## GOAL OF THE EXERCISE
Please transcribe the listing below in full, exactly as written, leaving out its pictures.
==== INPUT ====
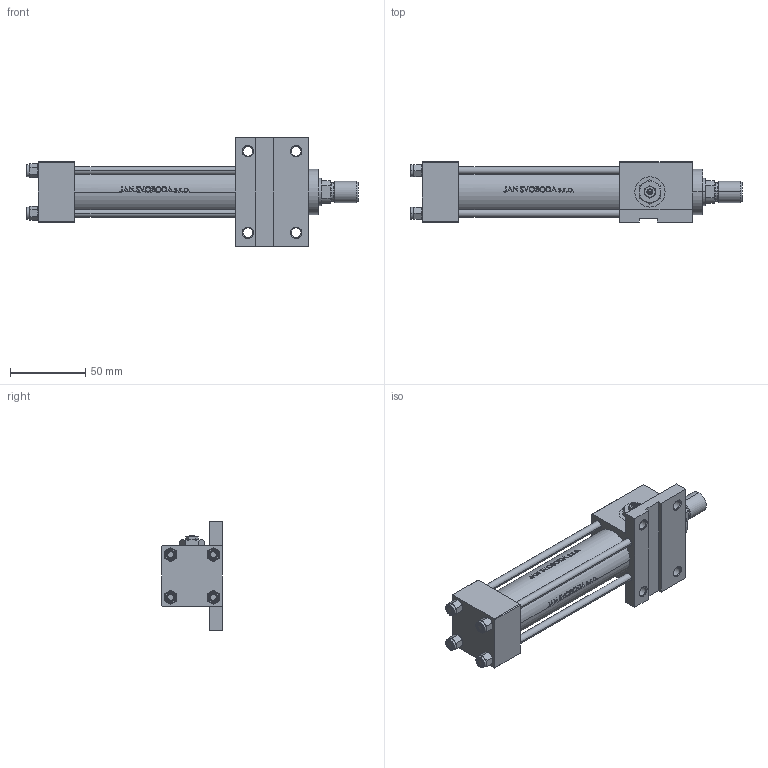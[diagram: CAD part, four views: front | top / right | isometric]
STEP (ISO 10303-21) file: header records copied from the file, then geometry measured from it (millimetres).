
FILE_DESCRIPTION (( 'STEP AP203' ), '1' );
FILE_NAME ('9a15.STEP', '2022-04-15T10:58:03', ( '' ), ( '' ), 'SwSTEP 2.0', 'SolidWorks 2019', '' );
FILE_SCHEMA (( 'CONFIG_CONTROL_DESIGN' ));
Length unit declared in the file: millimetre
Products named in the file (8): ROD_END_AH b2c13e32fc07aa1e7eca851f8584038c; Zatka_pro_OIL_PORT b2c13e32fc07aa1e7eca851f8584038c; 9a15; NUT_M5_F b2c13e32fc07aa1e7eca851f8584038c; V215CR_F_Body b2c13e32fc07aa1e7eca851f8584038c; V215_VC_A b2c13e32fc07aa1e7eca851f8584038c; V215CR_F_TYCINKA b2c13e32fc07aa1e7eca851f8584038c; V215CR_VCP_F b2c13e32fc07aa1e7eca851f8584038c
Assembly tree (13 placements, depth 2):
  9a15
    V215CR_F_Body b2c13e32fc07aa1e7eca851f8584038c
    V215CR_VCP_F b2c13e32fc07aa1e7eca851f8584038c
    V215CR_F_TYCINKA b2c13e32fc07aa1e7eca851f8584038c  x4
    NUT_M5_F b2c13e32fc07aa1e7eca851f8584038c  x4
    V215_VC_A b2c13e32fc07aa1e7eca851f8584038c
    ROD_END_AH b2c13e32fc07aa1e7eca851f8584038c
    Zatka_pro_OIL_PORT b2c13e32fc07aa1e7eca851f8584038c
Bounding box: 220 x 40 x 72 mm (x, y, z)
Volume: 197925.1 mm3; surface area: 80591.3 mm2
Topology: 13 solids, 13 shells, 1172 faces, 2941 edges, 1881 vertices
Faces by surface type: plane 464, bspline 380, cone 176, cylinder 142, torus 10
Entity records: 50219 total; most frequent: CARTESIAN_POINT 26583, ORIENTED_EDGE 5374, DIRECTION 3427, EDGE_CURVE 2687, VERTEX_POINT 1737, VECTOR 1365, LINE 1365, EDGE_LOOP 1160
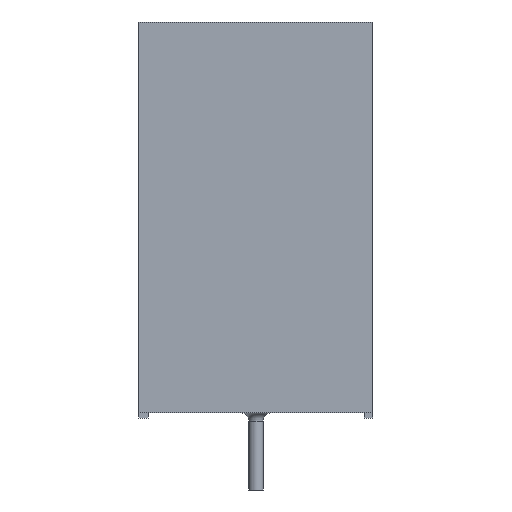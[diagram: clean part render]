
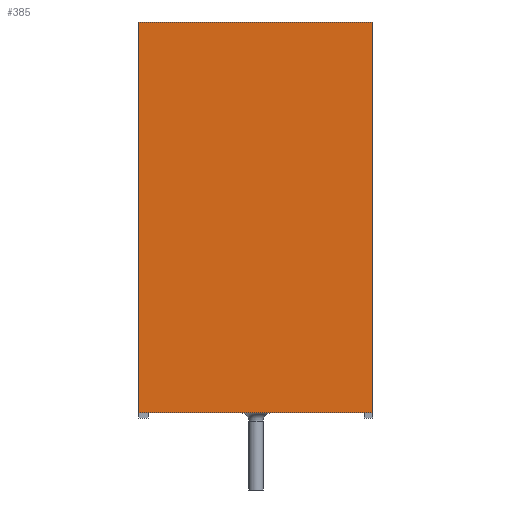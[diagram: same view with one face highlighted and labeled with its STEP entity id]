
A CAD part, left-side view. The second image highlights one B-rep face of the part: STEP entity #385.
In plain terms, the highlighted planar face has unit normal (-1, 0, 0).
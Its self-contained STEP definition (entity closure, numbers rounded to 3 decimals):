
#385 = ADVANCED_FACE( '', ( #928 ), #929, .F. );
#928 = FACE_OUTER_BOUND( '', #1669, .T. );
#929 = PLANE( '', #1670 );
#1669 = EDGE_LOOP( '', ( #2912, #2913, #2914, #2915 ) );
#1670 = AXIS2_PLACEMENT_3D( '', #2916, #2917, #2918 );
#2912 = ORIENTED_EDGE( '', *, *, #5186, .T. );
#2913 = ORIENTED_EDGE( '', *, *, #5276, .F. );
#2914 = ORIENTED_EDGE( '', *, *, #5277, .F. );
#2915 = ORIENTED_EDGE( '', *, *, #5278, .T. );
#2916 = CARTESIAN_POINT( '', ( -15.5, -6.5, 10.85 ) );
#2917 = DIRECTION( '', ( 1., 0., 0. ) );
#2918 = DIRECTION( '', ( 0., 0., -1. ) );
#5186 = EDGE_CURVE( '', #6152, #6153, #6154, .T. );
#5276 = EDGE_CURVE( '', #6296, #6153, #6297, .T. );
#5277 = EDGE_CURVE( '', #6298, #6296, #6299, .T. );
#5278 = EDGE_CURVE( '', #6298, #6152, #6300, .T. );
#6152 = VERTEX_POINT( '', #7829 );
#6153 = VERTEX_POINT( '', #7830 );
#6154 = LINE( '', #7831, #7832 );
#6296 = VERTEX_POINT( '', #8227 );
#6297 = LINE( '', #8228, #8229 );
#6298 = VERTEX_POINT( '', #8230 );
#6299 = LINE( '', #8231, #8232 );
#6300 = LINE( '', #8233, #8234 );
#7829 = CARTESIAN_POINT( '', ( -15.5, 6.5, 10.85 ) );
#7830 = CARTESIAN_POINT( '', ( -15.5, 6.5, -10.85 ) );
#7831 = CARTESIAN_POINT( '', ( -15.5, 6.5, 10.85 ) );
#7832 = VECTOR( '', #10261, 1000. );
#8227 = CARTESIAN_POINT( '', ( -15.5, -6.5, -10.85 ) );
#8228 = CARTESIAN_POINT( '', ( -15.5, -6.5, -10.85 ) );
#8229 = VECTOR( '', #10299, 1000. );
#8230 = CARTESIAN_POINT( '', ( -15.5, -6.5, 10.85 ) );
#8231 = CARTESIAN_POINT( '', ( -15.5, -6.5, 10.85 ) );
#8232 = VECTOR( '', #10300, 1000. );
#8233 = CARTESIAN_POINT( '', ( -15.5, -6.5, 10.85 ) );
#8234 = VECTOR( '', #10301, 1000. );
#10261 = DIRECTION( '', ( 0., 0., -1. ) );
#10299 = DIRECTION( '', ( 0., 1., 0. ) );
#10300 = DIRECTION( '', ( 0., 0., -1. ) );
#10301 = DIRECTION( '', ( 0., 1., 0. ) );
====
## WRITTEN ANSWER
[diagram: CAD part, four views: front | top / right | isometric]
STEP (ISO 10303-21) file: header records copied from the file, then geometry measured from it (millimetres).
FILE_DESCRIPTION (( 'STEP AP203' ), '1' );
FILE_NAME ('9a15.STEP', '2022-04-15T10:58:03', ( '' ), ( '' ), 'SwSTEP 2.0', 'SolidWorks 2019', '' );
FILE_SCHEMA (( 'CONFIG_CONTROL_DESIGN' ));
Length unit declared in the file: millimetre
Products named in the file (8): ROD_END_AH b2c13e32fc07aa1e7eca851f8584038c; Zatka_pro_OIL_PORT b2c13e32fc07aa1e7eca851f8584038c; 9a15; NUT_M5_F b2c13e32fc07aa1e7eca851f8584038c; V215CR_F_Body b2c13e32fc07aa1e7eca851f8584038c; V215_VC_A b2c13e32fc07aa1e7eca851f8584038c; V215CR_F_TYCINKA b2c13e32fc07aa1e7eca851f8584038c; V215CR_VCP_F b2c13e32fc07aa1e7eca851f8584038c
Assembly tree (13 placements, depth 2):
  9a15
    V215CR_F_Body b2c13e32fc07aa1e7eca851f8584038c
    V215CR_VCP_F b2c13e32fc07aa1e7eca851f8584038c
    V215CR_F_TYCINKA b2c13e32fc07aa1e7eca851f8584038c  x4
    NUT_M5_F b2c13e32fc07aa1e7eca851f8584038c  x4
    V215_VC_A b2c13e32fc07aa1e7eca851f8584038c
    ROD_END_AH b2c13e32fc07aa1e7eca851f8584038c
    Zatka_pro_OIL_PORT b2c13e32fc07aa1e7eca851f8584038c
Bounding box: 220 x 40 x 72 mm (x, y, z)
Volume: 197925.1 mm3; surface area: 80591.3 mm2
Topology: 13 solids, 13 shells, 1172 faces, 2941 edges, 1881 vertices
Faces by surface type: plane 464, bspline 380, cone 176, cylinder 142, torus 10
Entity records: 50219 total; most frequent: CARTESIAN_POINT 26583, ORIENTED_EDGE 5374, DIRECTION 3427, EDGE_CURVE 2687, VERTEX_POINT 1737, VECTOR 1365, LINE 1365, EDGE_LOOP 1160
[diagram: clean part render]
[diagram: same view with one face highlighted and labeled with its STEP entity id]
A CAD part, left-side view. The second image highlights one B-rep face of the part: STEP entity #385.
In plain terms, the highlighted planar face has unit normal (-1, 0, 0).
Its self-contained STEP definition (entity closure, numbers rounded to 3 decimals):
#385 = ADVANCED_FACE( '', ( #928 ), #929, .F. );
#928 = FACE_OUTER_BOUND( '', #1669, .T. );
#929 = PLANE( '', #1670 );
#1669 = EDGE_LOOP( '', ( #2912, #2913, #2914, #2915 ) );
#1670 = AXIS2_PLACEMENT_3D( '', #2916, #2917, #2918 );
#2912 = ORIENTED_EDGE( '', *, *, #5186, .T. );
#2913 = ORIENTED_EDGE( '', *, *, #5276, .F. );
#2914 = ORIENTED_EDGE( '', *, *, #5277, .F. );
#2915 = ORIENTED_EDGE( '', *, *, #5278, .T. );
#2916 = CARTESIAN_POINT( '', ( -15.5, -6.5, 10.85 ) );
#2917 = DIRECTION( '', ( 1., 0., 0. ) );
#2918 = DIRECTION( '', ( 0., 0., -1. ) );
#5186 = EDGE_CURVE( '', #6152, #6153, #6154, .T. );
#5276 = EDGE_CURVE( '', #6296, #6153, #6297, .T. );
#5277 = EDGE_CURVE( '', #6298, #6296, #6299, .T. );
#5278 = EDGE_CURVE( '', #6298, #6152, #6300, .T. );
#6152 = VERTEX_POINT( '', #7829 );
#6153 = VERTEX_POINT( '', #7830 );
#6154 = LINE( '', #7831, #7832 );
#6296 = VERTEX_POINT( '', #8227 );
#6297 = LINE( '', #8228, #8229 );
#6298 = VERTEX_POINT( '', #8230 );
#6299 = LINE( '', #8231, #8232 );
#6300 = LINE( '', #8233, #8234 );
#7829 = CARTESIAN_POINT( '', ( -15.5, 6.5, 10.85 ) );
#7830 = CARTESIAN_POINT( '', ( -15.5, 6.5, -10.85 ) );
#7831 = CARTESIAN_POINT( '', ( -15.5, 6.5, 10.85 ) );
#7832 = VECTOR( '', #10261, 1000. );
#8227 = CARTESIAN_POINT( '', ( -15.5, -6.5, -10.85 ) );
#8228 = CARTESIAN_POINT( '', ( -15.5, -6.5, -10.85 ) );
#8229 = VECTOR( '', #10299, 1000. );
#8230 = CARTESIAN_POINT( '', ( -15.5, -6.5, 10.85 ) );
#8231 = CARTESIAN_POINT( '', ( -15.5, -6.5, 10.85 ) );
#8232 = VECTOR( '', #10300, 1000. );
#8233 = CARTESIAN_POINT( '', ( -15.5, -6.5, 10.85 ) );
#8234 = VECTOR( '', #10301, 1000. );
#10261 = DIRECTION( '', ( 0., 0., -1. ) );
#10299 = DIRECTION( '', ( 0., 1., 0. ) );
#10300 = DIRECTION( '', ( 0., 0., -1. ) );
#10301 = DIRECTION( '', ( 0., 1., 0. ) );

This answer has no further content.